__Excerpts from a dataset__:
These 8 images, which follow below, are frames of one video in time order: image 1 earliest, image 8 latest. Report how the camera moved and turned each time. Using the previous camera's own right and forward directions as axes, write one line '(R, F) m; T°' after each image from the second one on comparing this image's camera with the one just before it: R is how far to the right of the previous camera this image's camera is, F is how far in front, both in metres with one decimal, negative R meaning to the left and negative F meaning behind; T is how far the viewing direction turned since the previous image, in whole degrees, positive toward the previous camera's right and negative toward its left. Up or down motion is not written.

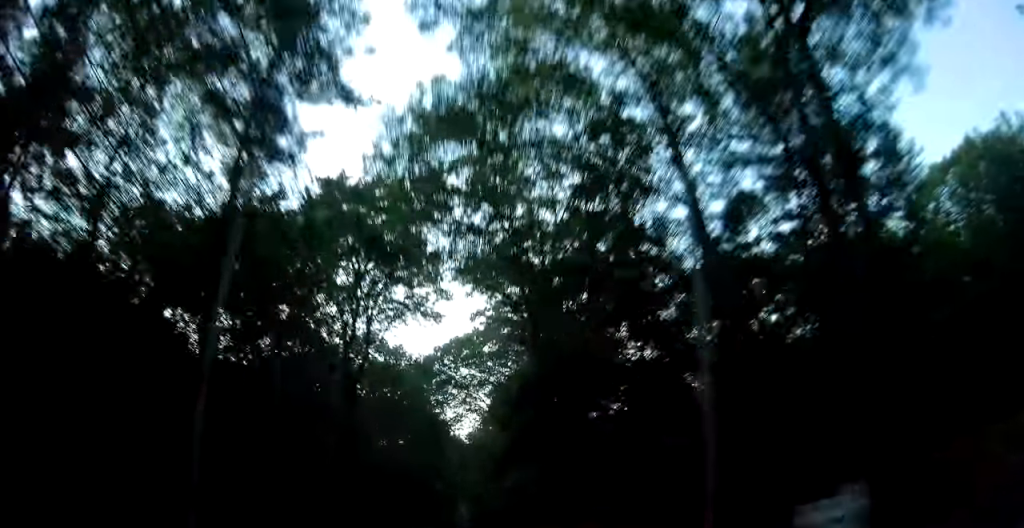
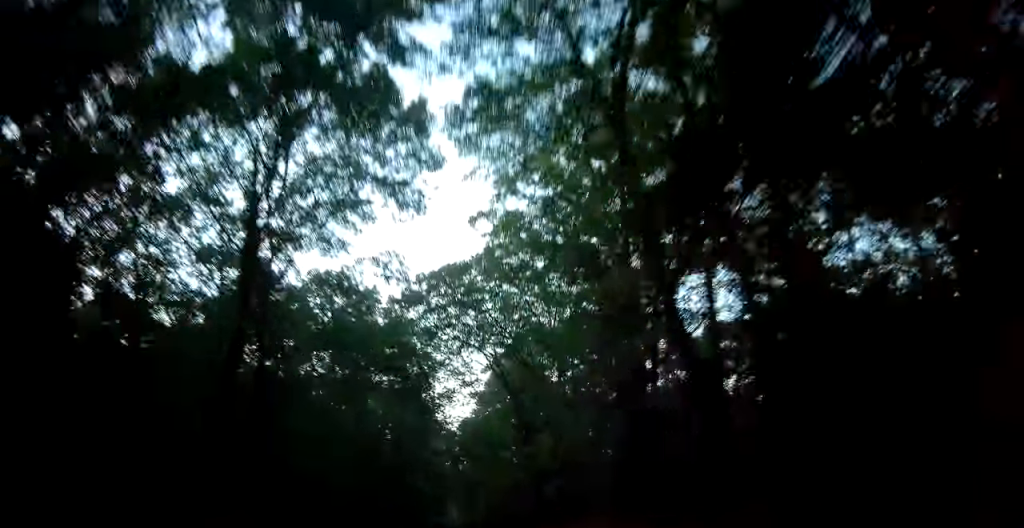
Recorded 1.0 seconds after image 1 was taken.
(+0.2, +15.5) m; +1°
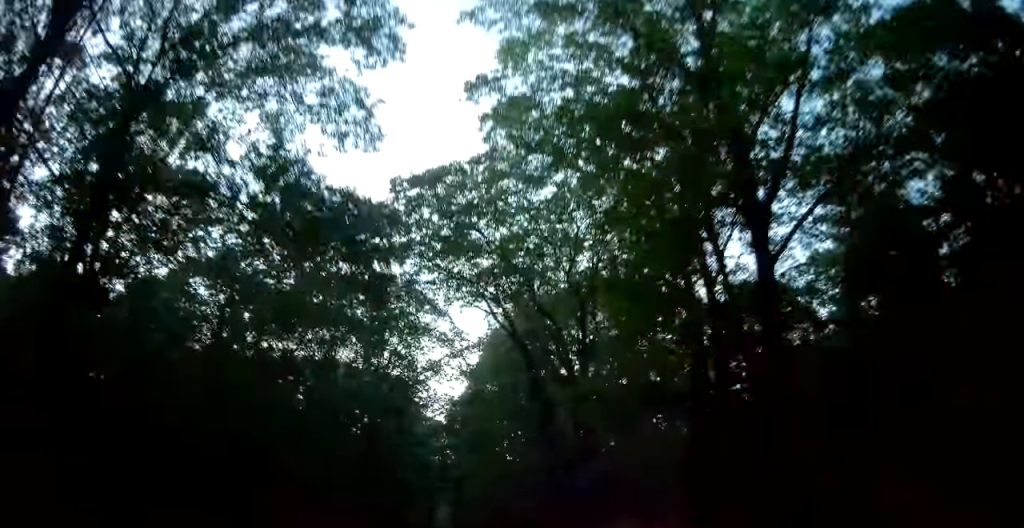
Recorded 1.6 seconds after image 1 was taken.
(+0.1, +10.8) m; 0°
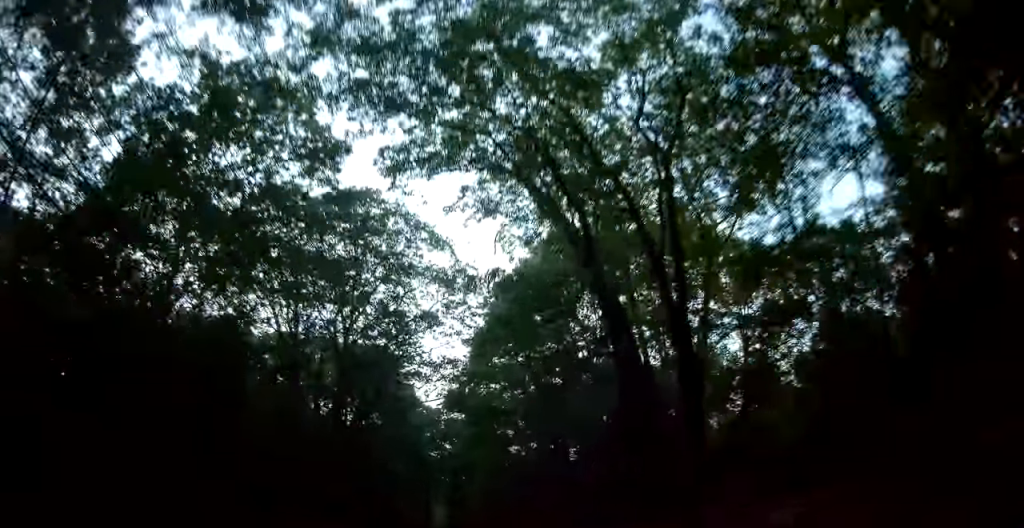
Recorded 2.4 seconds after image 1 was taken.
(-0.1, +13.1) m; +1°
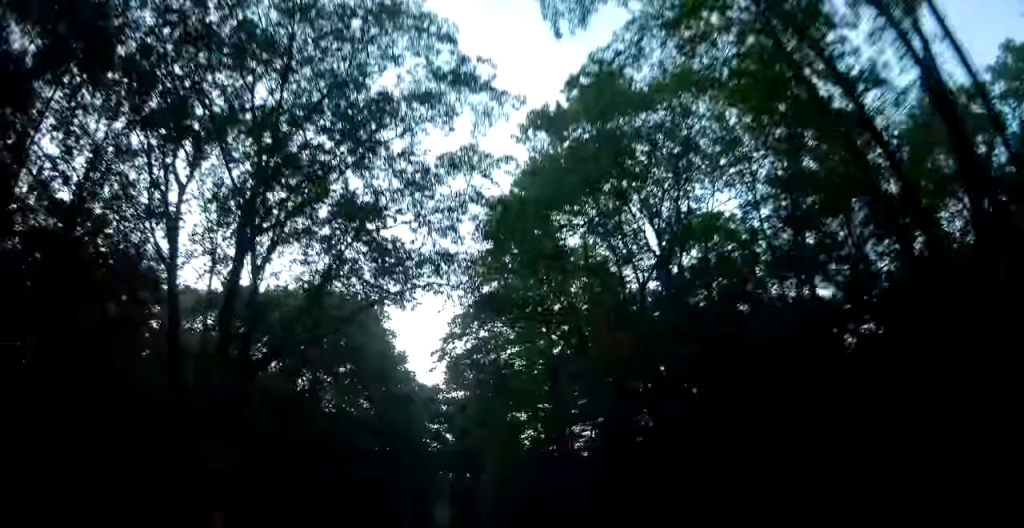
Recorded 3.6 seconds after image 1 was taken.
(+0.3, +18.7) m; +1°
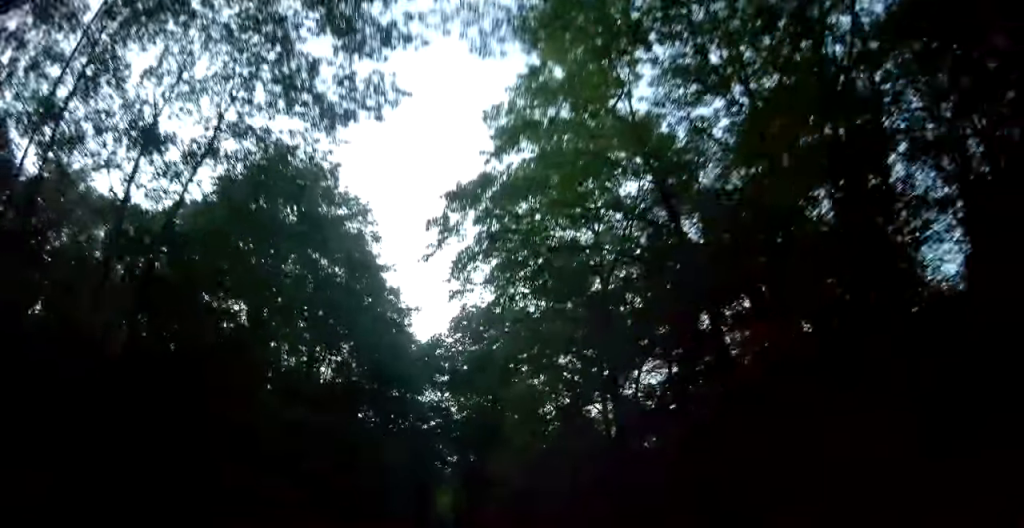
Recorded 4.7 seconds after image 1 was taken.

__Problem details__: Exclude the images, then output the data above word for word.

__Solved exercise__:
These 8 images, which follow below, are frames of one video in time order: image 1 earliest, image 8 latest. Report how the camera moved and turned each time. Using the previous camera's own right and forward directions as axes, write one line '(R, F) m; T°' after each image from the second one on comparing this image's camera with the one just before it: R is how far to the right of the previous camera this image's camera is, F is how far in front, both in metres with one decimal, negative R meaning to the left and negative F meaning behind; T is how far the viewing direction turned since the previous image, in whole degrees, positive toward the previous camera's right and negative toward its left. Up or down motion is not written.

Recorded 1.0 seconds after image 1 was taken.
(+0.2, +15.5) m; +1°
Recorded 1.6 seconds after image 1 was taken.
(+0.1, +10.8) m; 0°
Recorded 2.4 seconds after image 1 was taken.
(-0.1, +13.1) m; +1°
Recorded 3.6 seconds after image 1 was taken.
(+0.3, +18.7) m; +1°
Recorded 4.7 seconds after image 1 was taken.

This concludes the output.